The High Court at the Milimani Law Courts in Nairobi, on Wednesday, March 20, 2024 declined to issue conservatory orders on housing levy deductions.
This was after Magare Gikenyi, Pauline Kinyanjui and 3 other petitioners filed a case in court seeking a stay order to prevent the government from deducting 1.5 percent housing levy from employed Kenyans.
The case was filed after President William Ruto signed the Affordable Housing Bill into law on Tuesday, March 19, 2024.
In his ruling, Justice Chacha Mwita instead of issuing conservatory orders, stated that the matters being raised by the petitioners were very crucial and needed to be addressed urgently.
“It is hereby ordered that pleadings be served to all parties immediately and that respondents and interested parties file responses to the application and petition within 7 days after service,” Justice Mwita directed.

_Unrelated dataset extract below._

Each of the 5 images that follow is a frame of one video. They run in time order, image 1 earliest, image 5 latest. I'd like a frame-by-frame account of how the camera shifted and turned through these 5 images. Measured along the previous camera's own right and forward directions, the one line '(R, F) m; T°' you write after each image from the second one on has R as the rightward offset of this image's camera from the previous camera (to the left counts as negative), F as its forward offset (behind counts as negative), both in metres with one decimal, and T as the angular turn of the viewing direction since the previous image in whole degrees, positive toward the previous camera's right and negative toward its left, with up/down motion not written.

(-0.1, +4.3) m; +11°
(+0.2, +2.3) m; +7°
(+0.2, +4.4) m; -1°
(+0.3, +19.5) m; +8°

Cabinet secretaries for the Lands Ministry and National Treasury were listed among the 22 respondents in the petition.
Therefore, Lands CS Alice Wahome and her National Treasury counterpart Njuguna Ndun’gu and other respondents have seven days to file and serve written submissions to the petition not exceeding 15 pages.

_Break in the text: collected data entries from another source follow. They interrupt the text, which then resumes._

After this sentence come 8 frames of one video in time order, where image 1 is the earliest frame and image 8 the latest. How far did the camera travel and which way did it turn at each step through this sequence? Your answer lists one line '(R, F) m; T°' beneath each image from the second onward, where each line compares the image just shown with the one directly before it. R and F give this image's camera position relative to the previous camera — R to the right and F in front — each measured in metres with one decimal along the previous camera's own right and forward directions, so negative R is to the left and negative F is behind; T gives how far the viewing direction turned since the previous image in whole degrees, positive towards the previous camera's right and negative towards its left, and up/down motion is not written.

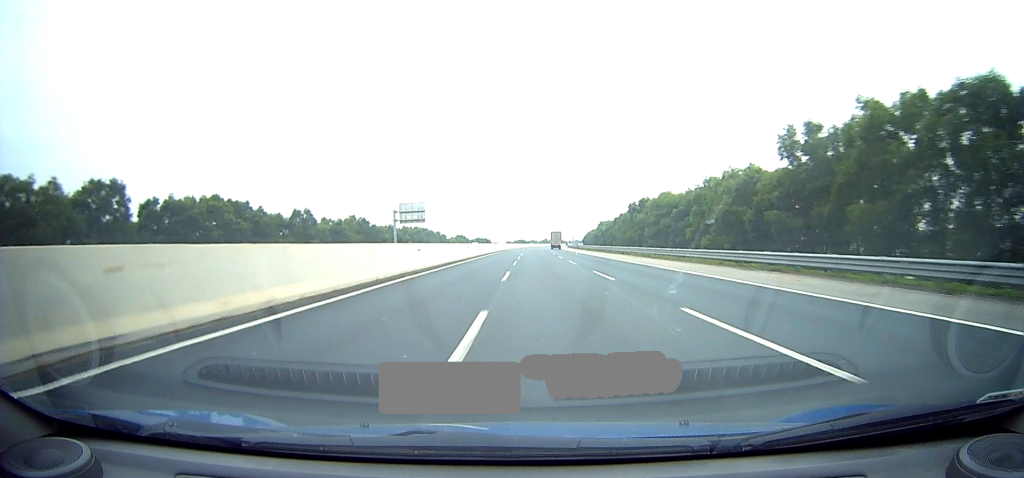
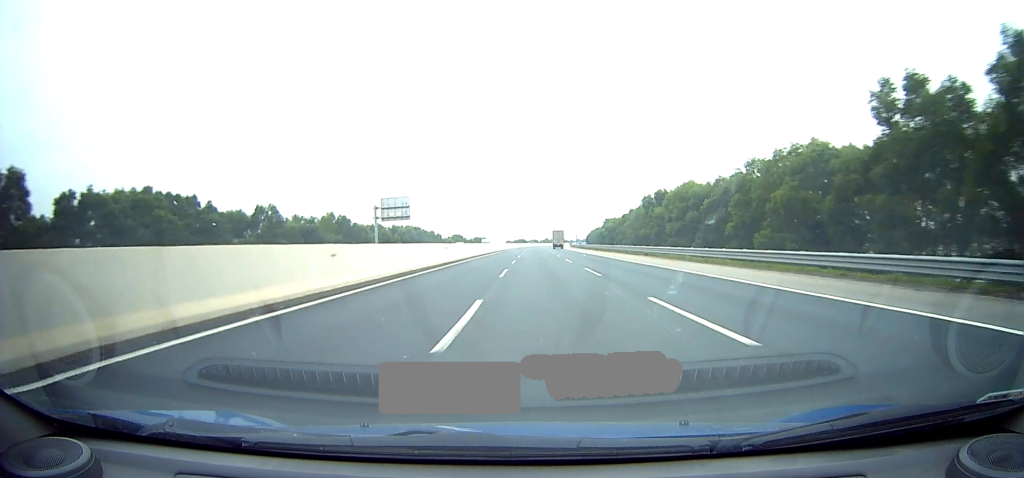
(+0.5, +13.2) m; +1°
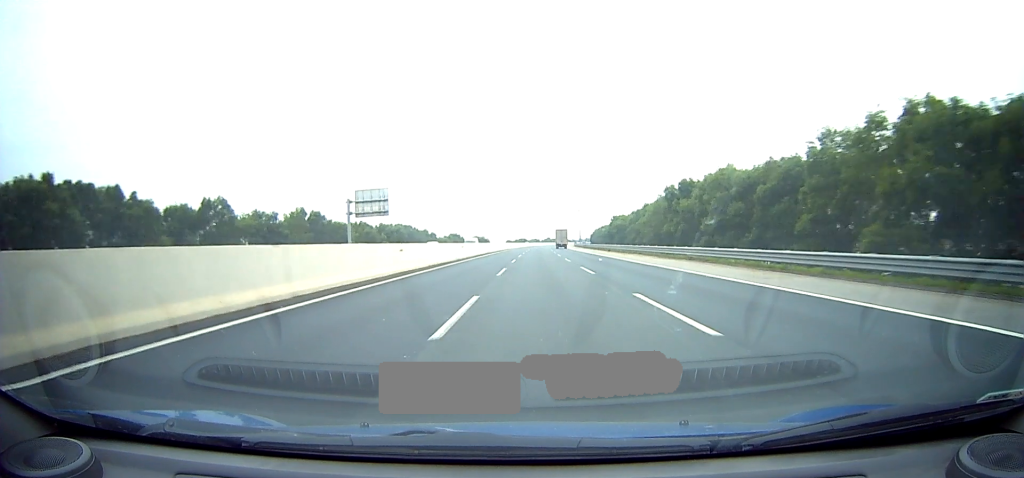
(+0.4, +14.4) m; +1°
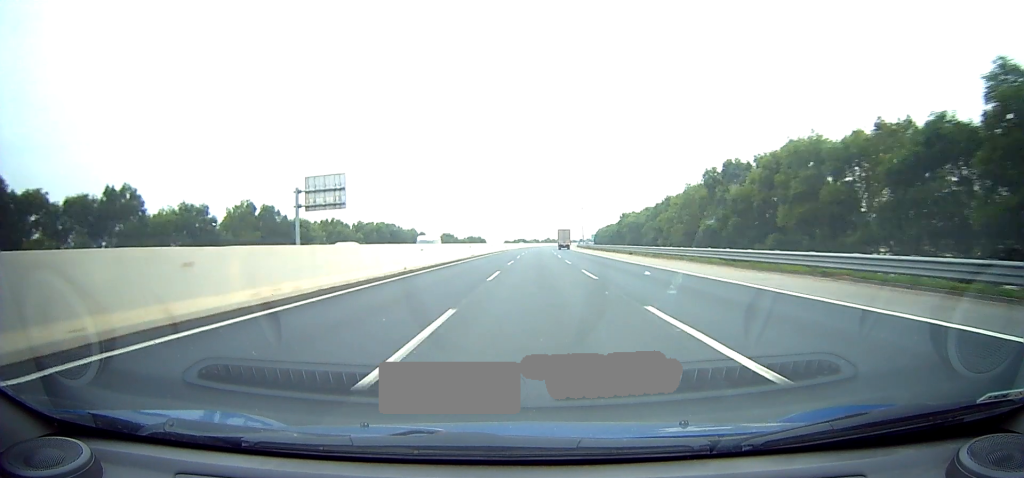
(+0.2, +18.9) m; 0°
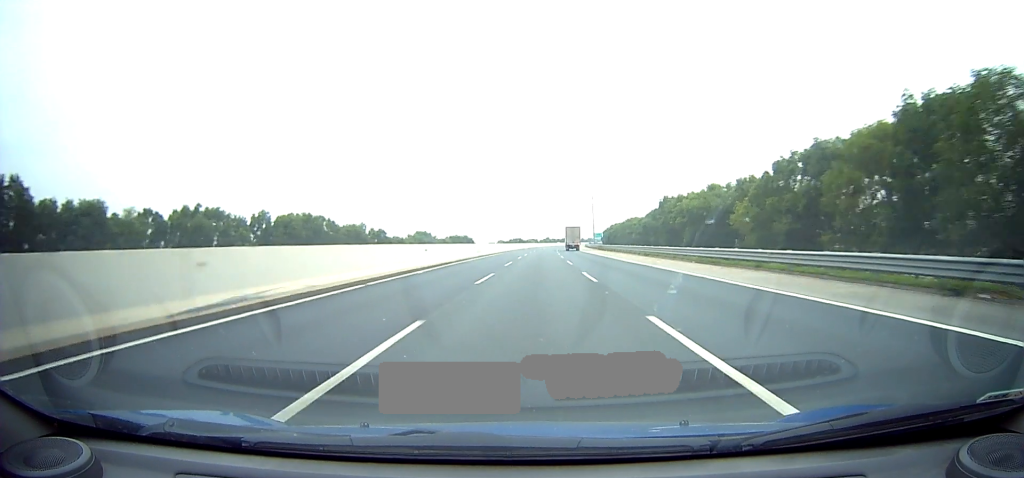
(+0.4, +46.8) m; +3°
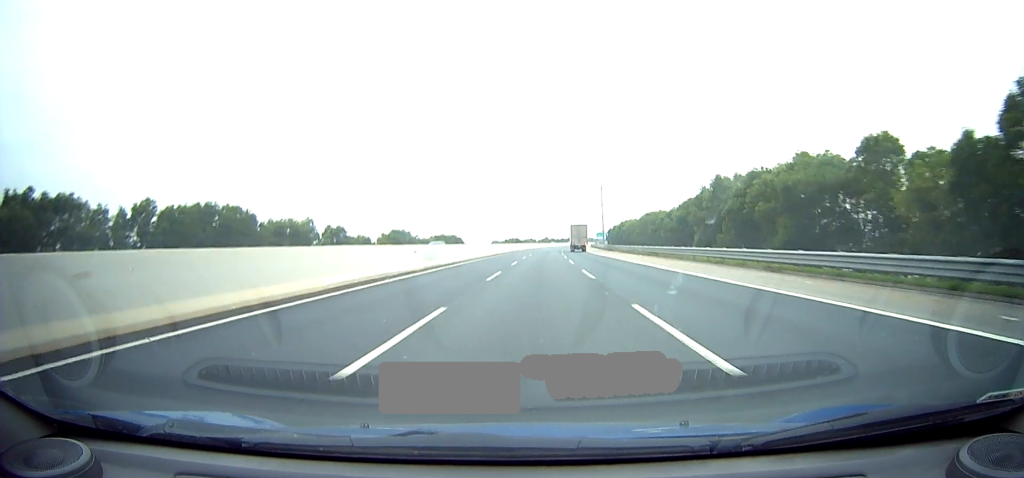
(+1.1, +26.7) m; 0°
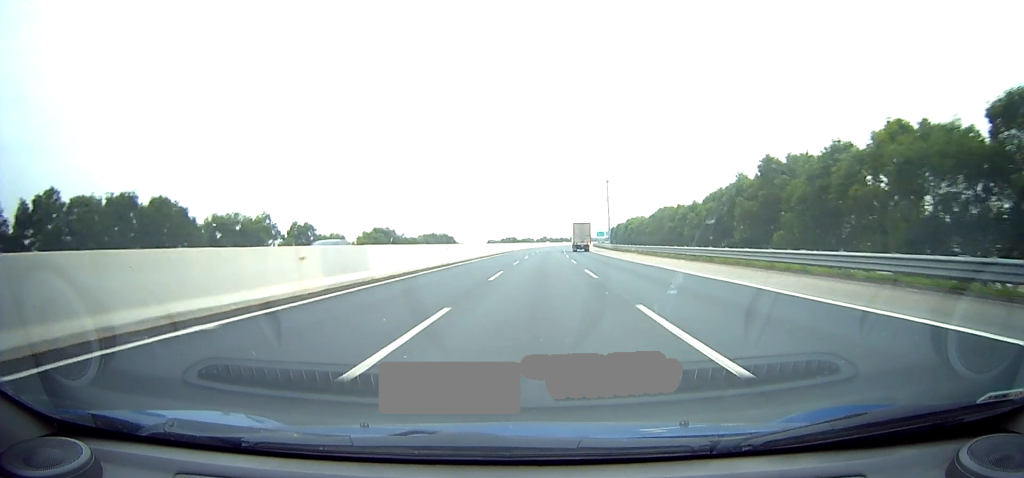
(-0.7, +13.6) m; -1°
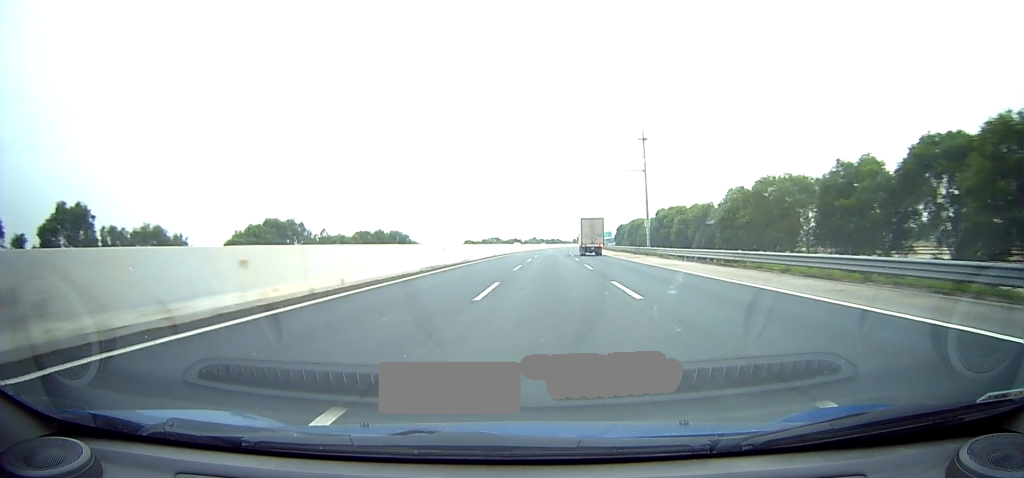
(-0.4, +44.5) m; 0°

In their petition, the petitioners argued that the national government has now taken over the housing function from county governments.
Additionally, they accused the national government of collecting the housing levy from Kenyans, instead of the Kenya Revenue Authority (KRA) that is mandated to collect taxes.
“The Affordable Housing Act has proceeded to impose a levy which was rejected by the majority during public participation hence rendering public participation a cosmetic procedure and a waste of public resources,” read part of the court papers.
According to the petitioners, the Housing Fund has been established with a faulty legal framework and structures for implementation, making its application a matter for the executive’s discretion.
“For all practical purposes, the fund subjects employees and other income earners to cruel, inhuman and degrading treatment, which is tantamount to servitude,” they noted in court documents.
They further argued that the new housing law is discriminatory because it outlaws corporations from owning houses under the affordable housing program, yet they pay taxes.
In addition, petitioners maintained that an individual’s salary is their private property and that the tax is unreasonable and unconstitutional because it forces workers to contribute to mortgages for houses they do not need.
“Some of the employees already own houses or are servicing mortgages, or they stay in staff houses provided by their employers, or they earn housing allowances paid by their employers,” the petition reads.
Meanwhile, the petitioners want the Kenya Kwanza government to be barred from evicting Kenyans from public land for purposes of establishing affordable houses.